Two members of the Ninth U.S. Circuit Court of Appeals, in ruling for Mr. Bajakajian, found that the $357,144 was not the “instrumentality” of the crime. “The crime is the withholding of information, not the possession or the transportation of the money,” the judges found. Yesterday, a majority of the Supreme Court agreed.
What is perhaps most interesting is not the uncommon presence of Justice Thomas among the court’s liberals but the approach he brought to the task before him. Bajakajian fell not on the civil side of forfeiture law, where so much of the mischief today takes place, but on the criminal side. In criminal‐forfeiture cases, the government cannot simply seize property on a mere probable cause—showing that it may have been “involved” in a crime. Rather, the government must find the owner guilty of a crime before his property can be forfeited. That means that forfeiture is a form of “punishment,” so that the Excessive Fines Clause comes to the fore, at least in principle.
But Bajakajian was the first case in the court’s history striking down a fine as “excessive” under the Eighth Amendment. Finding no text or history precisely on point, Justice Thomas drew from the Cruel and Unusual Punishments side of the Eighth Amendment to conclude, by analogy, that “a punitive forfeiture violates the Excessive Fines Clause if it is grossly disproportional to the gravity of the defendant’s offense.”
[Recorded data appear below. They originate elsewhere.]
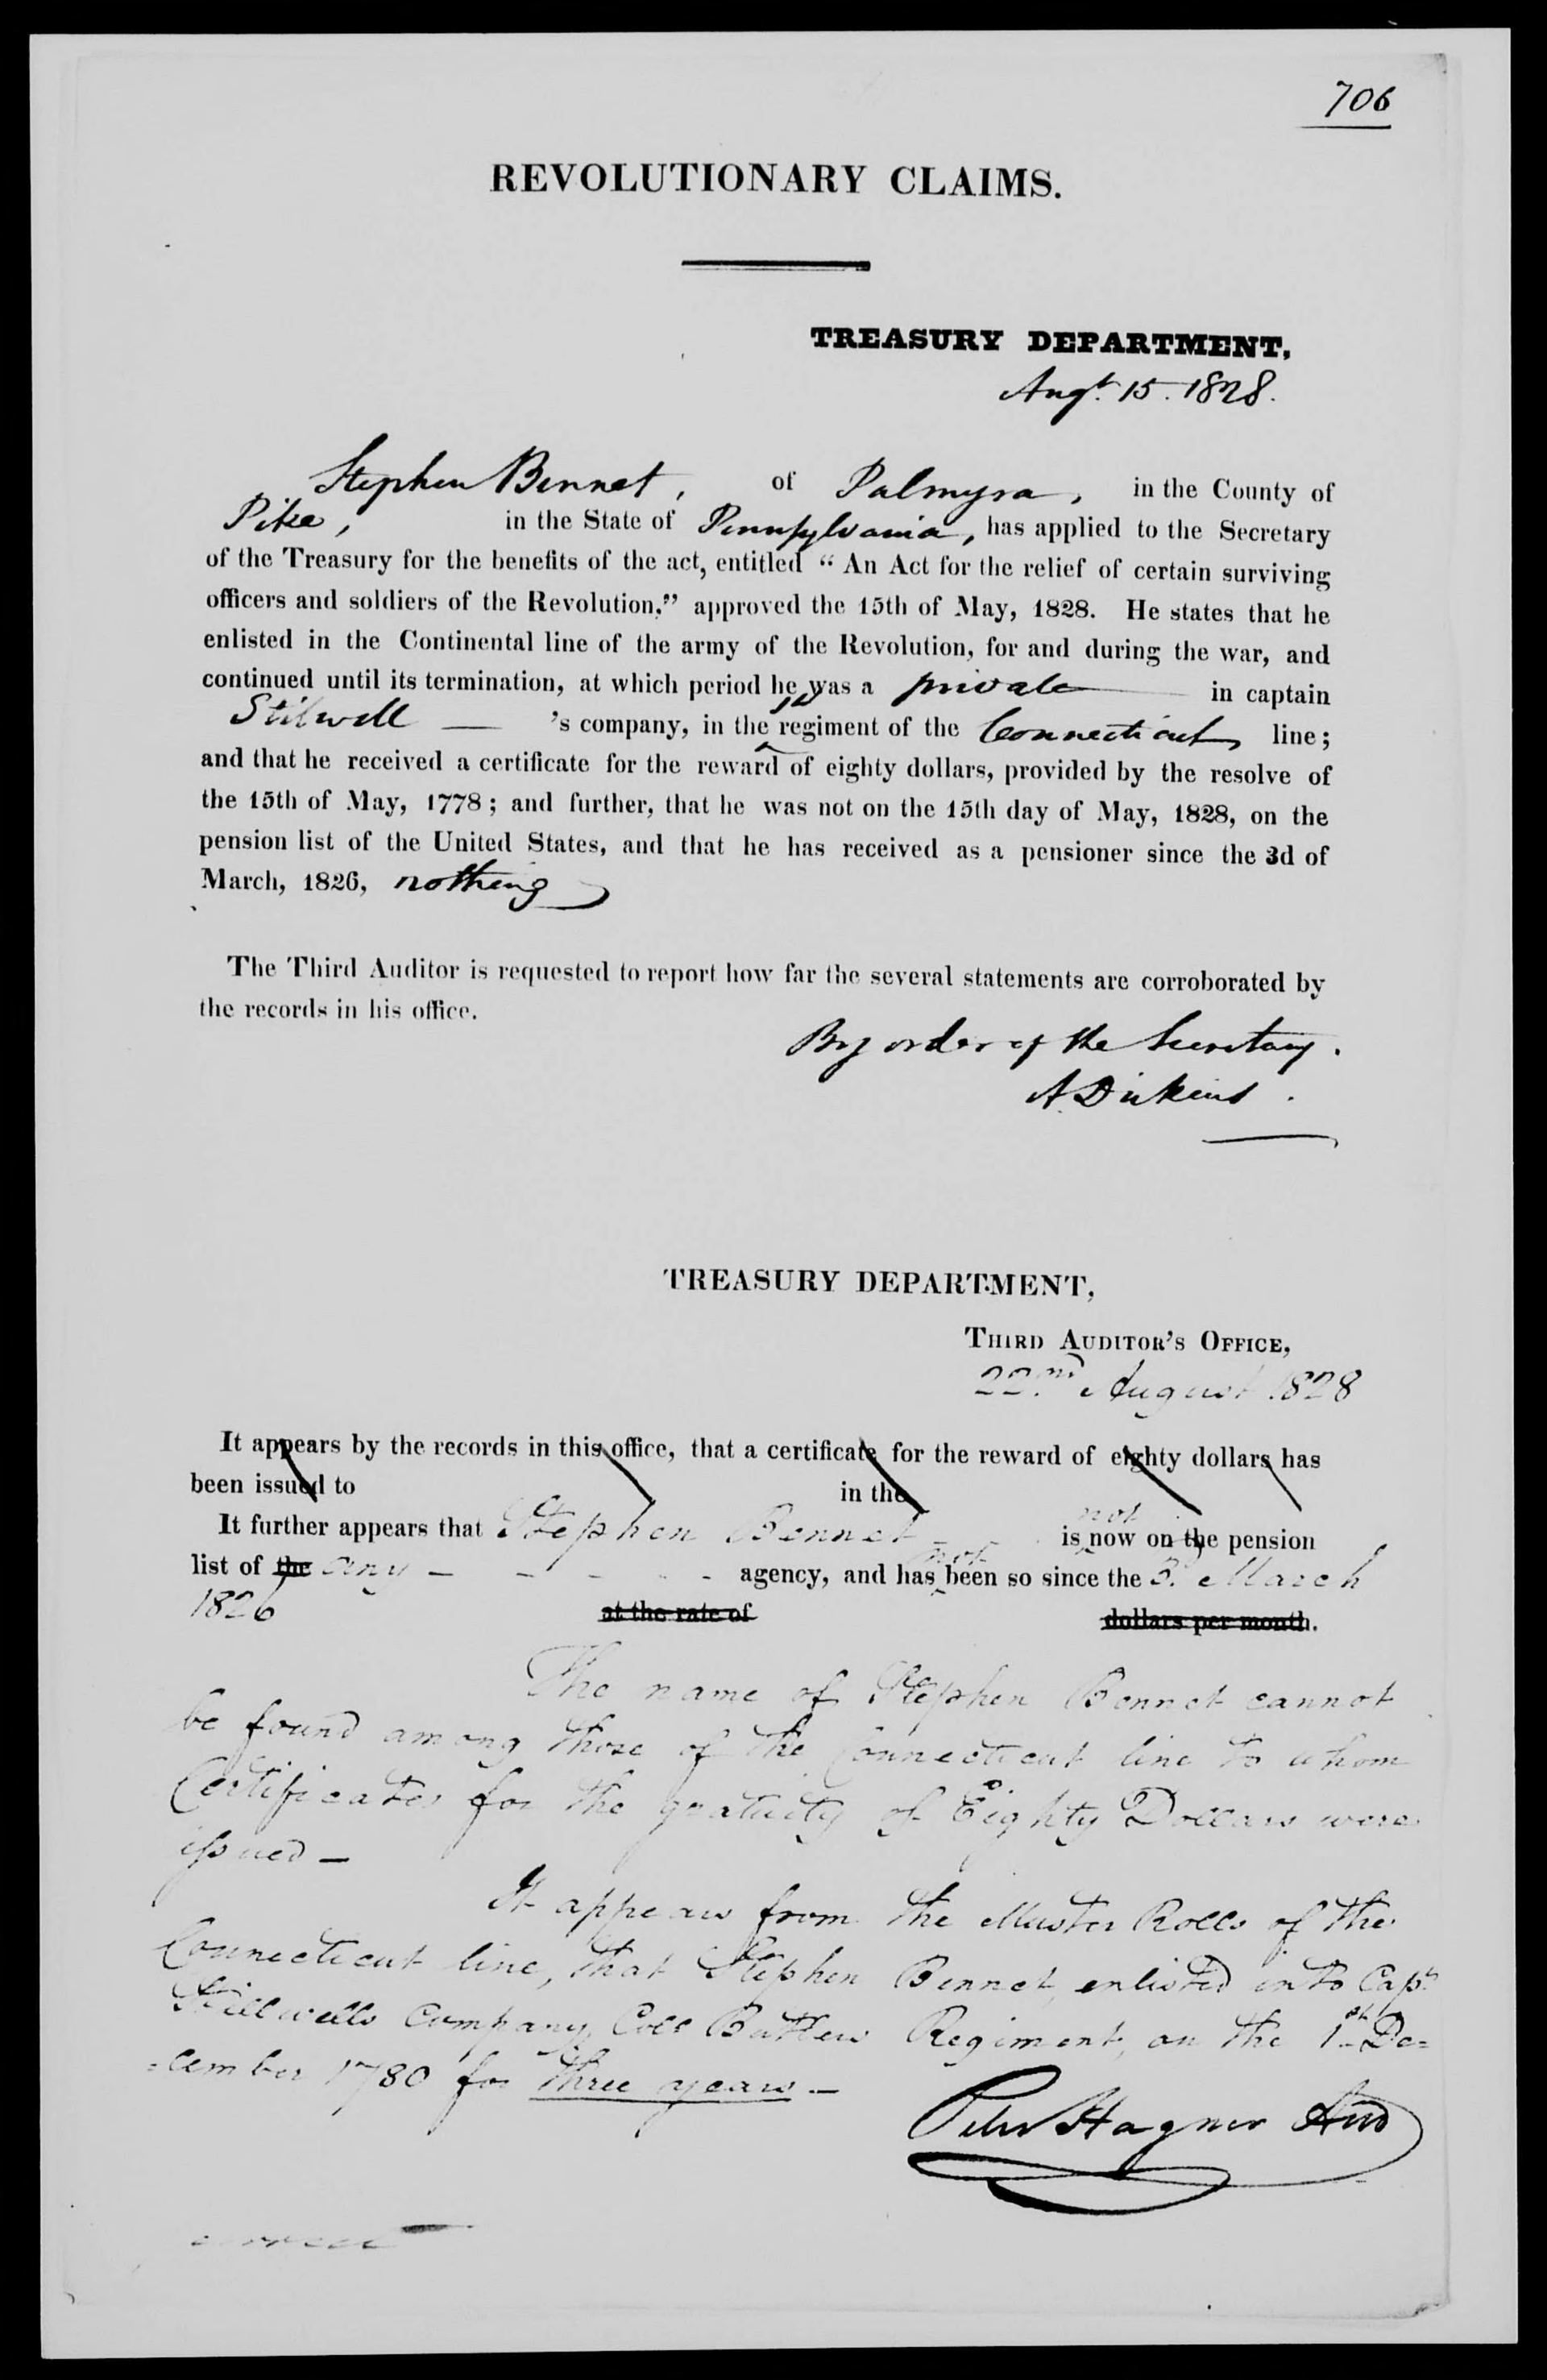REVOLUTIONARY CLAIMS.
706
TREASURY DEPARTMENT.
Augt 15. 1828.
Stephen Bennet, Pike of Palmyra
in the County of
in the State of Pennsylvania, has applied to the Secretary
of the Treasury for the benefits of the act, entitled ""An Act for the relief of certain surviving
officers and soldiers of the Revolution,” approved the 15th of May 1828. He states that he
enlisted in the Continental line of the army of the Revolution, for and during the war, and
continued until its termination, at which period he was a private in captain Stilwell's
 company, in the regiment of the Connecticut line.
and that he received a certificate for the reward of eighty dollars, provided by the resolve of
the 15th of May 1778; and further, that he was not on the 15th day of May 1828, on the
pension list of the United States, and that he has received as a pensioner since the 3d of
March 1826, nothing
The Third Auditor is requested to report how far the several statements are corroborated by
the records in his office.
By order of the Secretary.
of Dickens
TREASURY DEPARTMENT.
THIRD AUDITOR'S OFFICE,
August 1828
It appears by the records in this office, that a certificate for the reward of eighty dollars has
been issued to
It further appears that Stephen bennet cannot be found among those of the Connecticut line to whom certificate for gratuity of eighty dollars was signed.
it appears from the muster rolls of the Connecticut line that Stephen Bennet enlisted into Capt. Stillwell's company roll Batton regiment on the 1st of December 1780
for three years
Peter Hagner

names: A Dickins, Peter Hagner, Stephen Bennet, Stephen Bennet, Stephen Bennet, Stephen Bennet
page: 41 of 79
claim: widow's
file: W. 2,906, Stephen Bennet, Conn.

But why does the judiciary, rather than the legislature, get to make that call? The legislature does make the call about appropriate punishments, Justice Thomas says. Moreover, “any judicial determination regarding the gravity of a particular criminal offense will be inherently imprecise,” he adds. But that doesn’t mean that the court’s deference must be total. When the fine or punishment is “grossly disproportionate,” the court must step in.
Judicial activism? No. But neither is it judicial restraint of a kind that ignores the plain language of the Constitution. Yet Justice Anthony Kennedy, writing yesterday for the four conservative dissenters, was perplexed, to put it charitably. Repeatedly likening Mr. Bajakajian’s failure to declare the amount of currency he was taking out of the country — his only crime — to “smuggling,” Justice Kennedy went on to address the difficulty of proving money laundering — as if that were at issue here. The government “was unable to adduce affirmative proof of another crime in this particular case,” Justice Kennedy noted, adding that “because of the problems of individual proof, Congress found it necessary to enact a blanket punishment.” Thus, whatever the amount—$300,000 or $3 million — it is all subject to forfeiture.
The reasoning here is, well, chilling. Rather than look at the Constitution, we look at the government’s problems of proof. The government could not prove that Mr. Bajakajian had not done more than fail to fill out a form — but he might have. Given that, Justice Kennedy claims, Congress is entitled to make the punishment as large as may be necessary to deter such possible crimes — no matter how many people get hurt along the way. That is deference with a passion — a passion for crime‐fighting. It is the passion that has given us the forfeiture law we have today. At the founding, fortunately, that passion was checked by a greater passion — the love of liberty and the fear of overweening government. It is a good sign that Justice Thomas has returned us to the first principles of the matter.